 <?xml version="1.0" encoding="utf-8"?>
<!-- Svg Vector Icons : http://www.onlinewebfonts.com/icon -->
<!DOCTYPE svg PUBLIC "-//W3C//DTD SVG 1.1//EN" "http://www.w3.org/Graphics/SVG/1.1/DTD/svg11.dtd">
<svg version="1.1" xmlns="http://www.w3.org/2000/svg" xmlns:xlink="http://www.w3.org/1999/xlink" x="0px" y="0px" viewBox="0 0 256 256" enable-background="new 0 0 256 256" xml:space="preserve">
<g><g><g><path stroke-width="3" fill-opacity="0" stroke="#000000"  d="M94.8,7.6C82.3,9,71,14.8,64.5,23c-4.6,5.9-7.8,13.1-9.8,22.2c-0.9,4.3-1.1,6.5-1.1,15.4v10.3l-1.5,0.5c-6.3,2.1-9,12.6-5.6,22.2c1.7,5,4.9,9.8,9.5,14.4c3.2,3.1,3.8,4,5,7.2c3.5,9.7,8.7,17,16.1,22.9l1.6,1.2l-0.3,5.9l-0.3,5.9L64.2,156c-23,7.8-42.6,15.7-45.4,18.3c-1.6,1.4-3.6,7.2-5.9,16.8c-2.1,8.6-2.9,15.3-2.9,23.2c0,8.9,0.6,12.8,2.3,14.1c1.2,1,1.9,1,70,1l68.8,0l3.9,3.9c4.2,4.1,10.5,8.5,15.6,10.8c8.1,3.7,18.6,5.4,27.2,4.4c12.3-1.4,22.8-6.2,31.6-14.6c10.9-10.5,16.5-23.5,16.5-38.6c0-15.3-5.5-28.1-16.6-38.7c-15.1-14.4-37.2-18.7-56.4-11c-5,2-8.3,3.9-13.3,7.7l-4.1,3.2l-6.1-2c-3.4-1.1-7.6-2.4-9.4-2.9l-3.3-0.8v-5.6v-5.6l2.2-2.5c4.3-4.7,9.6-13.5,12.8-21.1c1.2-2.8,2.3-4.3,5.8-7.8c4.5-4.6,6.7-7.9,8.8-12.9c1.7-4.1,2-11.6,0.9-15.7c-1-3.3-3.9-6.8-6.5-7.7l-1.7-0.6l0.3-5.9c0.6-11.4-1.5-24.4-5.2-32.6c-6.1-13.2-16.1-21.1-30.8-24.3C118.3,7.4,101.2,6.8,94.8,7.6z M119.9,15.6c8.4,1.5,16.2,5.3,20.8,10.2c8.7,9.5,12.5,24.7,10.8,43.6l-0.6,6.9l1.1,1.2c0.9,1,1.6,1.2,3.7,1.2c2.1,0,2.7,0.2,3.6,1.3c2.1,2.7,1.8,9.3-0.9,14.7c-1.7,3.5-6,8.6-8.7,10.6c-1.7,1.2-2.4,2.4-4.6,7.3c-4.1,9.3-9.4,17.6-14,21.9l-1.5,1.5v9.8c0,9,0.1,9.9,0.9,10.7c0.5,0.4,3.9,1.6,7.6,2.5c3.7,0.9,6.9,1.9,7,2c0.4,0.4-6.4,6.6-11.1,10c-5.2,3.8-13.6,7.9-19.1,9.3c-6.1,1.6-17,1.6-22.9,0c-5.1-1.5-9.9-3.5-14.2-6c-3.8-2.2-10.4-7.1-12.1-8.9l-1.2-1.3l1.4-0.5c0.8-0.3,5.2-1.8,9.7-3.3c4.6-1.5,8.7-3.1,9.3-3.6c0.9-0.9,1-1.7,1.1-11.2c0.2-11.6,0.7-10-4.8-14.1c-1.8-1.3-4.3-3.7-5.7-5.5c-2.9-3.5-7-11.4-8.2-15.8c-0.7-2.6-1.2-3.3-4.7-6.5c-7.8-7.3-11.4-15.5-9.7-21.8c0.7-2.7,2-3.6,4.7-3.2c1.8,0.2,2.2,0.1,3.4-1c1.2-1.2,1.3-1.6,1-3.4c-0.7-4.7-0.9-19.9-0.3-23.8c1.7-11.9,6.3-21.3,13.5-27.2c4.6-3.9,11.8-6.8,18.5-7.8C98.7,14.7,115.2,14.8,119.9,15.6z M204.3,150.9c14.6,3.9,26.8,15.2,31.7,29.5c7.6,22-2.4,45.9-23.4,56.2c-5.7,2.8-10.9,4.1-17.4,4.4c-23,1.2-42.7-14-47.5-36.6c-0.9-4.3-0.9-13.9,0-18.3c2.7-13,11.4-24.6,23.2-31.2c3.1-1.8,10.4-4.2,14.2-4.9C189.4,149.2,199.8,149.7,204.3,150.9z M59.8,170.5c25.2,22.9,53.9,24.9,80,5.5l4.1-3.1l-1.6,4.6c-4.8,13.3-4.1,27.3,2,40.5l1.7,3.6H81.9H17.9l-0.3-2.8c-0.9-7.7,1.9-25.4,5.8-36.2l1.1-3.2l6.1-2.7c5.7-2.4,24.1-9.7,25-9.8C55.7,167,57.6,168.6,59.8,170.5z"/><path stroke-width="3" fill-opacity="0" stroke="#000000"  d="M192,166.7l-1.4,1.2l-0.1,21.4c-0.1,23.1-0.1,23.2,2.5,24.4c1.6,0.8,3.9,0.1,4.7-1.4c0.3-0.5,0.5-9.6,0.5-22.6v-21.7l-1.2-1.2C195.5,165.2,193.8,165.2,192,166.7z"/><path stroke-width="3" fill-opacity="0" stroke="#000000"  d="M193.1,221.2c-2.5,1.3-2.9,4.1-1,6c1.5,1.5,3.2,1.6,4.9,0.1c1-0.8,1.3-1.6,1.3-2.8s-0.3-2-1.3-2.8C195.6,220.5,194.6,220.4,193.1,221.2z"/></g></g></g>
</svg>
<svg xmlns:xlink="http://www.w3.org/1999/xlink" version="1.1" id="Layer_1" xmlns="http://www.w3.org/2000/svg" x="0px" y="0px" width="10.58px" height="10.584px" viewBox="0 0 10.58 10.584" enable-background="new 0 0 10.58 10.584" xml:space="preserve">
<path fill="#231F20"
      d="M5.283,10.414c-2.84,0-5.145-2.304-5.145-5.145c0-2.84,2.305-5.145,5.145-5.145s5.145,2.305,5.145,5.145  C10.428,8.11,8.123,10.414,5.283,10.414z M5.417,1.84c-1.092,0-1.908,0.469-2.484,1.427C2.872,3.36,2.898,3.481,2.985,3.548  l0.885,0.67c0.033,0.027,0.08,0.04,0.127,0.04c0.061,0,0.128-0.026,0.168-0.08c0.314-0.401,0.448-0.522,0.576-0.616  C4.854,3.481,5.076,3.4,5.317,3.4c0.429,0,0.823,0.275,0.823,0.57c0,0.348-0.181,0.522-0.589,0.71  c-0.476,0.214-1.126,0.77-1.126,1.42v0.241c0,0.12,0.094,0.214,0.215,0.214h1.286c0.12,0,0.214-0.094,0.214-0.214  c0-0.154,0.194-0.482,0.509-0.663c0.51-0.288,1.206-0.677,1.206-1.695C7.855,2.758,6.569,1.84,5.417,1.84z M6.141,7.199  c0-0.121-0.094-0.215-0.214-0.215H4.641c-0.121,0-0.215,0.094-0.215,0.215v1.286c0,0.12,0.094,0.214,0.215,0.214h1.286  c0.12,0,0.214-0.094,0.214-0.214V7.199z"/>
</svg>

#### PROBLEM DESCRIPTION
How many lines of the entries above include the word "viewBox"? Answer with the number only.

#### RESULT
2